[Opening Source data section]

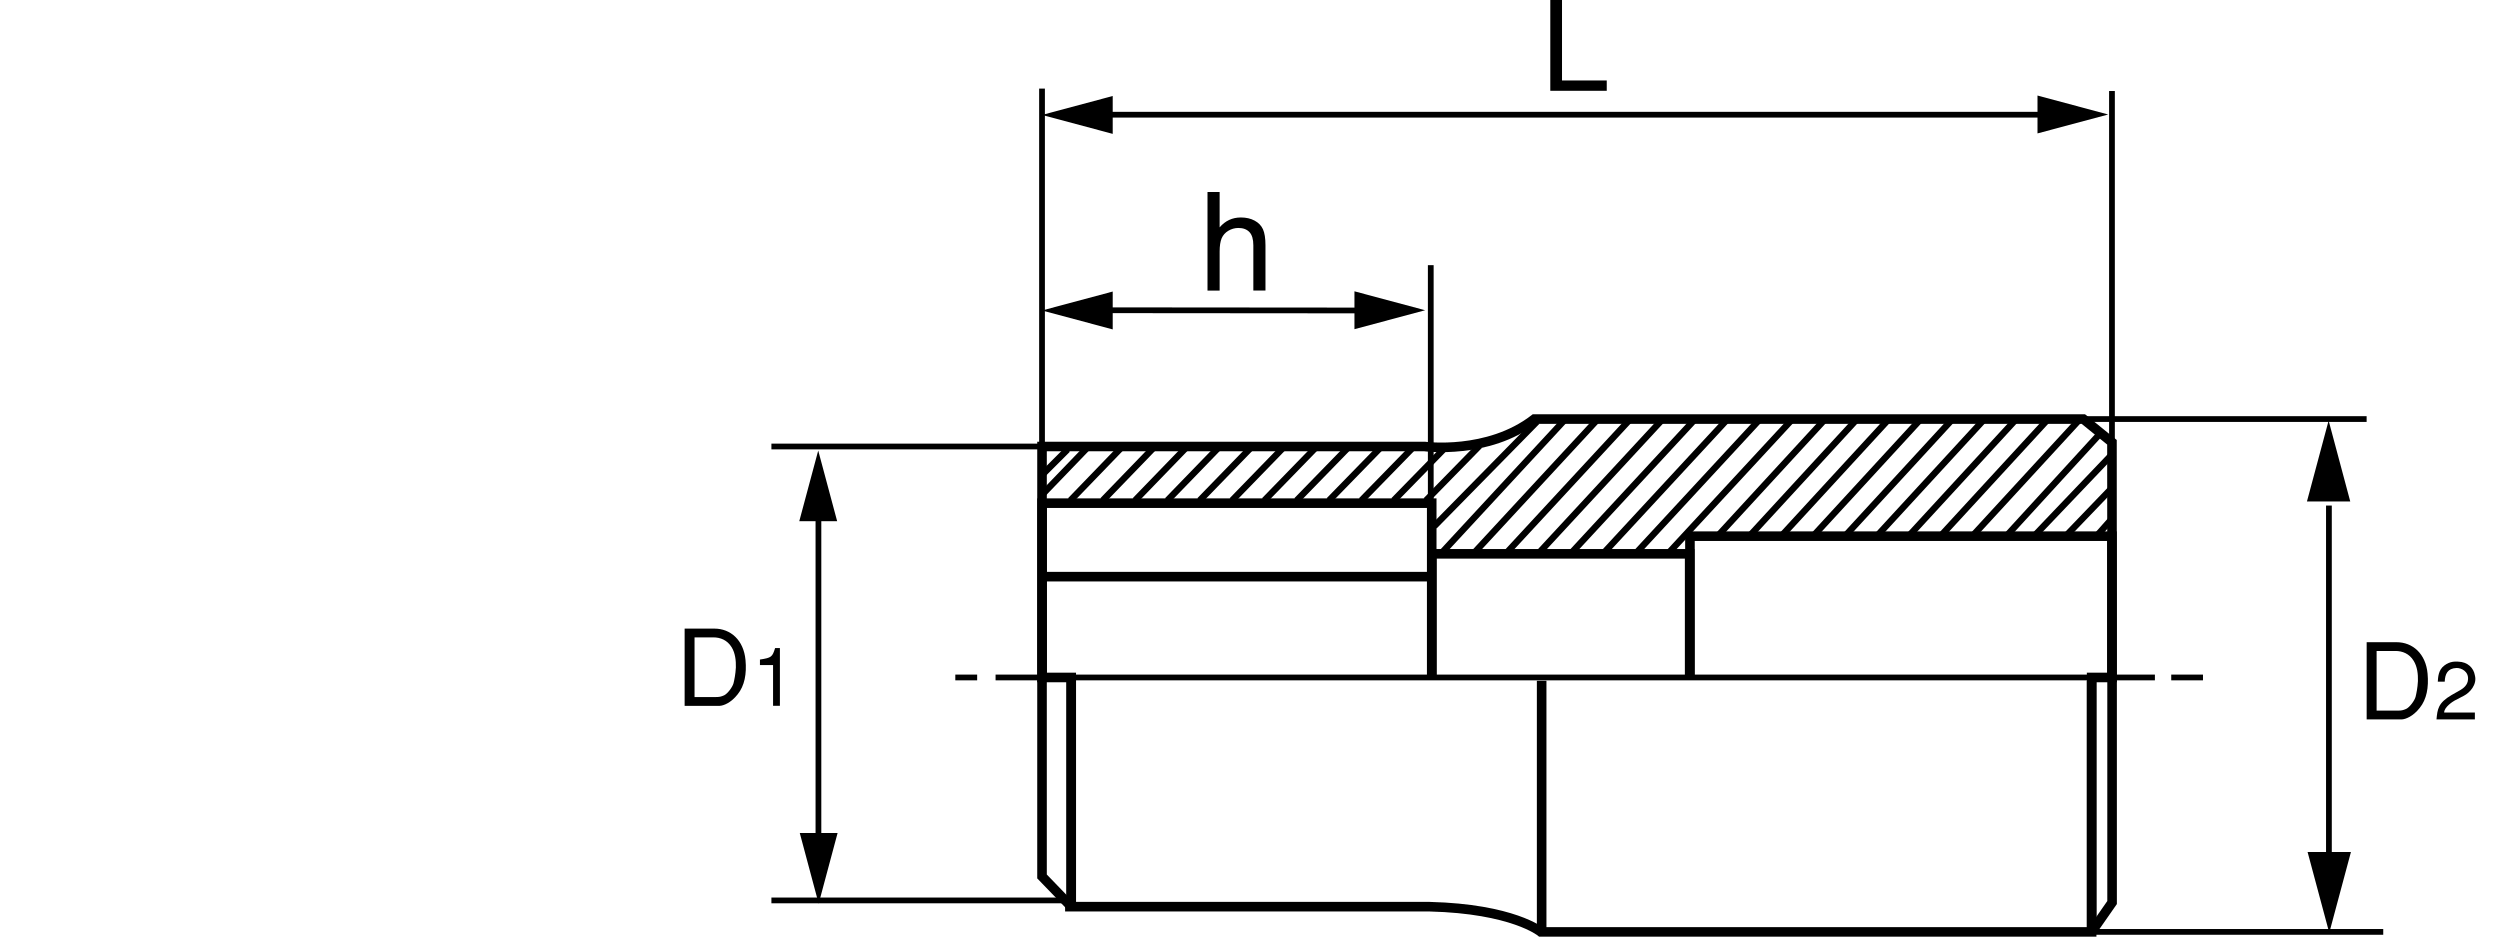 <?xml version="1.0" encoding="utf-8"?>
<!-- Generator: Adobe Illustrator 18.1.1, SVG Export Plug-In . SVG Version: 6.00 Build 0)  -->
<!DOCTYPE svg PUBLIC "-//W3C//DTD SVG 1.1//EN" "http://www.w3.org/Graphics/SVG/1.1/DTD/svg11.dtd">
<svg version="1.1" id="レイヤー_1" xmlns="http://www.w3.org/2000/svg" xmlns:xlink="http://www.w3.org/1999/xlink" x="0px"
	 y="0px" viewBox="0 0 130.42 48.865" enable-background="new 0 0 130.42 48.865" xml:space="preserve">
<g>
	<g>
		<line fill="none" stroke="#000000" stroke-width="0.3" x1="113.269" y1="35.342" x2="114.925" y2="35.342"/>
		<line fill="none" stroke="#000000" stroke-width="0.3" x1="51.937" y1="35.342" x2="112.417" y2="35.342"/>
		<line fill="none" stroke="#000000" stroke-width="0.3" x1="49.837" y1="35.342" x2="50.976" y2="35.342"/>
	</g>
	<line fill="none" stroke="#000000" stroke-width="0.5" x1="55.884" y1="35.355" x2="55.884" y2="47.301"/>
	<line fill="none" stroke="#000000" stroke-width="0.5" x1="80.425" y1="35.516" x2="80.425" y2="48.658"/>
	<line fill="none" stroke="#000000" stroke-width="0.5" x1="109.116" y1="35.514" x2="109.116" y2="48.615"/>
	<path fill="none" stroke="#000000" stroke-width="0.5" d="M55.884,47.301L55.884,47.301V35.342H54.36V23.293h19.957
		c0,0,3.305,0.441,5.729-1.432c3.592,0,3.018,0,28.637,0l1.494,1.211l0.006,12.27h-1.066v13.273H80.382c0,0-1.465-1.207-5.803-1.315
		H55.564"/>
	<polyline fill="none" stroke="#000000" stroke-width="0.3" points="40.243,23.293 54.36,23.293 54.36,4.622 	"/>
	<line fill="none" stroke="#000000" stroke-width="0.3" x1="40.243" y1="46.973" x2="55.884" y2="46.973"/>
	<g>
		<line fill="none" stroke="#000000" stroke-width="0.3" x1="42.696" y1="26.517" x2="42.696" y2="44.129"/>
		<polygon points="41.722,43.455 42.708,47.142 43.696,43.455 		"/>
		<polygon points="43.673,27.191 42.685,23.504 41.696,27.191 		"/>
	</g>
	<g>
		<path d="M35.716,36.821v-4.028h1.551c0.852,0,1.531,0.604,1.625,1.642c0.066,0.724-0.049,1.337-0.408,1.784
			c-0.348,0.447-0.734,0.592-0.934,0.603H35.716z M36.233,33.252v3.111h1.129c0.154,0,0.254-0.017,0.414-0.089
			c0.176-0.083,0.436-0.425,0.49-0.63c0.039-0.154,0.105-0.47,0.123-0.823c0.01-0.359-0.033-0.751-0.221-1.056
			c-0.227-0.375-0.592-0.514-0.951-0.514H36.233z"/>
		<path d="M40.329,36.821v-2.125h-0.684v-0.289c0.607-0.093,0.646-0.136,0.791-0.599h0.25v3.013H40.329z"/>
	</g>
	<polyline fill="none" stroke="#000000" stroke-width="0.5" points="74.696,35.33 74.696,28.892 88.146,28.892 88.146,35.33 	"/>
	<polyline fill="none" stroke="#000000" stroke-width="0.5" points="88.161,35.33 88.161,27.971 110.175,27.971 110.175,35.33 	"/>
	<polyline fill="none" stroke="#000000" stroke-width="0.5" points="54.364,35.371 54.364,26.249 74.69,26.249 74.69,35.33 	"/>
	<line fill="none" stroke="#000000" stroke-width="0.3" x1="110.177" y1="4.748" x2="110.177" y2="23.072"/>
	<line fill="none" stroke="#000000" stroke-width="0.3" x1="108.683" y1="21.861" x2="123.462" y2="21.861"/>
	<line fill="none" stroke="#000000" stroke-width="0.3" x1="109.116" y1="48.615" x2="124.329" y2="48.615"/>
	<g>
		<line fill="none" stroke="#000000" stroke-width="0.3" x1="121.495" y1="26.374" x2="121.495" y2="44.898"/>
		<polygon points="120.382,44.447 121.513,48.664 122.644,44.447 		"/>
		<polygon points="122.608,26.16 121.48,21.941 120.349,26.16 		"/>
	</g>
	<g>
		<path d="M123.464,37.529v-4.027h1.553c0.852,0,1.531,0.603,1.625,1.641c0.066,0.725-0.049,1.338-0.408,1.785
			c-0.35,0.447-0.736,0.591-0.934,0.602H123.464z M123.983,33.961v3.11h1.127c0.156,0,0.256-0.017,0.416-0.089
			c0.176-0.082,0.436-0.426,0.49-0.629c0.039-0.155,0.105-0.471,0.123-0.824c0.01-0.359-0.033-0.751-0.223-1.055
			c-0.227-0.376-0.59-0.514-0.949-0.514H123.983z"/>
		<path d="M128.042,36.553c-0.064,0.033-0.541,0.336-0.535,0.62h1.602v0.357h-2.002c0.051-0.526,0.076-0.858,0.787-1.271
			l0.449-0.255c0.174-0.098,0.396-0.276,0.408-0.557c0.039-0.421-0.354-0.607-0.6-0.6c-0.463,0.018-0.6,0.311-0.615,0.715h-0.361
			c0.016-0.213,0.016-0.604,0.344-0.846c0.297-0.226,0.57-0.205,0.715-0.2c0.51,0.013,0.811,0.335,0.875,0.714
			c0.131,0.488-0.277,0.914-0.574,1.066L128.042,36.553z"/>
	</g>
	<g>
		<line fill="none" stroke="#000000" stroke-width="0.3" x1="57.374" y1="5.984" x2="106.966" y2="5.984"/>
		<polygon points="106.292,6.96 109.98,5.973 106.292,4.984 		"/>
		<polygon points="58.048,5.008 54.36,5.996 58.048,6.984 		"/>
	</g>
	<line fill="none" stroke="#000000" stroke-width="0.34" x1="55.692" y1="23.448" x2="54.337" y2="24.803"/>
	<line fill="none" stroke="#000000" stroke-width="0.34" x1="56.79" y1="23.287" x2="54.337" y2="25.836"/>
	<g>
		<line fill="none" stroke="#000000" stroke-width="0.34" x1="58.468" y1="23.384" x2="55.837" y2="26.11"/>
		<line fill="none" stroke="#000000" stroke-width="0.34" x1="60.169" y1="23.372" x2="57.524" y2="26.11"/>
		<line fill="none" stroke="#000000" stroke-width="0.34" x1="61.87" y1="23.36" x2="59.21" y2="26.11"/>
		<line fill="none" stroke="#000000" stroke-width="0.34" x1="63.571" y1="23.349" x2="60.897" y2="26.11"/>
		<line fill="none" stroke="#000000" stroke-width="0.34" x1="65.273" y1="23.337" x2="62.583" y2="26.11"/>
		<line fill="none" stroke="#000000" stroke-width="0.34" x1="66.974" y1="23.325" x2="64.27" y2="26.11"/>
		<line fill="none" stroke="#000000" stroke-width="0.34" x1="68.675" y1="23.313" x2="65.957" y2="26.11"/>
		<line fill="none" stroke="#000000" stroke-width="0.34" x1="70.376" y1="23.302" x2="67.643" y2="26.11"/>
		<line fill="none" stroke="#000000" stroke-width="0.34" x1="72.077" y1="23.29" x2="69.33" y2="26.11"/>
		<line fill="none" stroke="#000000" stroke-width="0.34" x1="73.778" y1="23.278" x2="71.016" y2="26.11"/>
		<line fill="none" stroke="#000000" stroke-width="0.34" x1="75.48" y1="23.267" x2="72.703" y2="26.11"/>
		<line fill="none" stroke="#000000" stroke-width="0.34" x1="77.181" y1="23.255" x2="74.39" y2="26.11"/>
	</g>
	<line fill="none" stroke="#000000" stroke-width="0.34" x1="74.825" y1="27.449" x2="80.181" y2="21.996"/>
	<g>
		<line fill="none" stroke="#000000" stroke-width="0.34" x1="75.245" y1="28.805" x2="81.632" y2="21.9"/>
		<line fill="none" stroke="#000000" stroke-width="0.34" x1="76.937" y1="28.805" x2="83.324" y2="21.9"/>
		<line fill="none" stroke="#000000" stroke-width="0.34" x1="78.628" y1="28.805" x2="85.015" y2="21.9"/>
		<line fill="none" stroke="#000000" stroke-width="0.34" x1="80.319" y1="28.805" x2="86.707" y2="21.9"/>
		<line fill="none" stroke="#000000" stroke-width="0.34" x1="82.011" y1="28.805" x2="88.399" y2="21.9"/>
		<line fill="none" stroke="#000000" stroke-width="0.34" x1="83.702" y1="28.805" x2="90.09" y2="21.9"/>
		<line fill="none" stroke="#000000" stroke-width="0.34" x1="85.394" y1="28.805" x2="91.782" y2="21.9"/>
		<line fill="none" stroke="#000000" stroke-width="0.34" x1="87.085" y1="28.805" x2="93.474" y2="21.9"/>
	</g>
	<g>
		<line fill="none" stroke="#000000" stroke-width="0.34" x1="95.183" y1="21.9" x2="89.634" y2="27.934"/>
		<line fill="none" stroke="#000000" stroke-width="0.34" x1="96.844" y1="21.9" x2="91.295" y2="27.934"/>
		<line fill="none" stroke="#000000" stroke-width="0.34" x1="98.505" y1="21.9" x2="92.957" y2="27.934"/>
		<line fill="none" stroke="#000000" stroke-width="0.34" x1="100.167" y1="21.9" x2="94.618" y2="27.934"/>
		<line fill="none" stroke="#000000" stroke-width="0.34" x1="101.828" y1="21.9" x2="96.279" y2="27.934"/>
		<line fill="none" stroke="#000000" stroke-width="0.34" x1="103.49" y1="21.9" x2="97.941" y2="27.934"/>
		<line fill="none" stroke="#000000" stroke-width="0.34" x1="105.151" y1="21.9" x2="99.602" y2="27.934"/>
		<line fill="none" stroke="#000000" stroke-width="0.34" x1="106.812" y1="21.9" x2="101.263" y2="27.934"/>
		<line fill="none" stroke="#000000" stroke-width="0.34" x1="108.474" y1="21.9" x2="102.925" y2="27.934"/>
	</g>
	<line fill="none" stroke="#000000" stroke-width="0.34" x1="104.667" y1="27.965" x2="109.538" y2="22.642"/>
	<line fill="none" stroke="#000000" stroke-width="0.34" x1="110.118" y1="23.771" x2="106.118" y2="27.965"/>
	<line fill="none" stroke="#000000" stroke-width="0.34" x1="110.183" y1="25.449" x2="107.765" y2="27.965"/>
	<line fill="none" stroke="#000000" stroke-width="0.34" x1="110.118" y1="27.127" x2="109.345" y2="27.998"/>
	<path d="M81.487,0v4.199h2.334v0.539h-2.945V0H81.487z"/>
	<polyline fill="none" stroke="#000000" stroke-width="0.5" points="54.36,35.342 54.36,45.723 55.884,47.301 	"/>
	<polyline fill="none" stroke="#000000" stroke-width="0.5" points="110.183,35.342 110.183,47.084 109.116,48.615 	"/>
	<line fill="none" stroke="#000000" stroke-width="0.5" x1="54.364" y1="30.083" x2="74.69" y2="30.083"/>
	<line fill="none" stroke="#000000" stroke-width="0.3" x1="74.64" y1="13.833" x2="74.64" y2="26.739"/>
	<g>
		<line fill="none" stroke="#000000" stroke-width="0.3" x1="57.374" y1="16.185" x2="71.333" y2="16.197"/>
		<polygon points="70.659,17.173 74.347,16.185 70.659,15.197 		"/>
		<polygon points="58.048,15.209 54.36,16.197 58.048,17.185 		"/>
	</g>
	<g>
		<path d="M62.993,15.158v-5.141h0.633v1.844c0.293-0.344,0.662-0.516,1.109-0.516c0.275,0,0.514,0.055,0.715,0.164
			c0.203,0.108,0.348,0.258,0.436,0.45c0.086,0.192,0.131,0.471,0.131,0.835v2.363h-0.633v-2.361c0-0.314-0.068-0.545-0.203-0.688
			c-0.137-0.144-0.328-0.216-0.576-0.216c-0.186,0-0.361,0.049-0.525,0.146c-0.162,0.097-0.279,0.229-0.35,0.395
			c-0.068,0.166-0.104,0.395-0.104,0.688v2.038H62.993z"/>
	</g>
</g>
</svg>

[Closing Source data section]

■ **What is needed**
Which of the lines above carry the string "polyline"? Copy every one.

■ **Output for this exercise**
	<polyline fill="none" stroke="#000000" stroke-width="0.3" points="40.243,23.293 54.36,23.293 54.36,4.622 	"/>
	<polyline fill="none" stroke="#000000" stroke-width="0.5" points="74.696,35.33 74.696,28.892 88.146,28.892 88.146,35.33 	"/>
	<polyline fill="none" stroke="#000000" stroke-width="0.5" points="88.161,35.33 88.161,27.971 110.175,27.971 110.175,35.33 	"/>
	<polyline fill="none" stroke="#000000" stroke-width="0.5" points="54.364,35.371 54.364,26.249 74.69,26.249 74.69,35.33 	"/>
	<polyline fill="none" stroke="#000000" stroke-width="0.5" points="54.36,35.342 54.36,45.723 55.884,47.301 	"/>
	<polyline fill="none" stroke="#000000" stroke-width="0.5" points="110.183,35.342 110.183,47.084 109.116,48.615 	"/>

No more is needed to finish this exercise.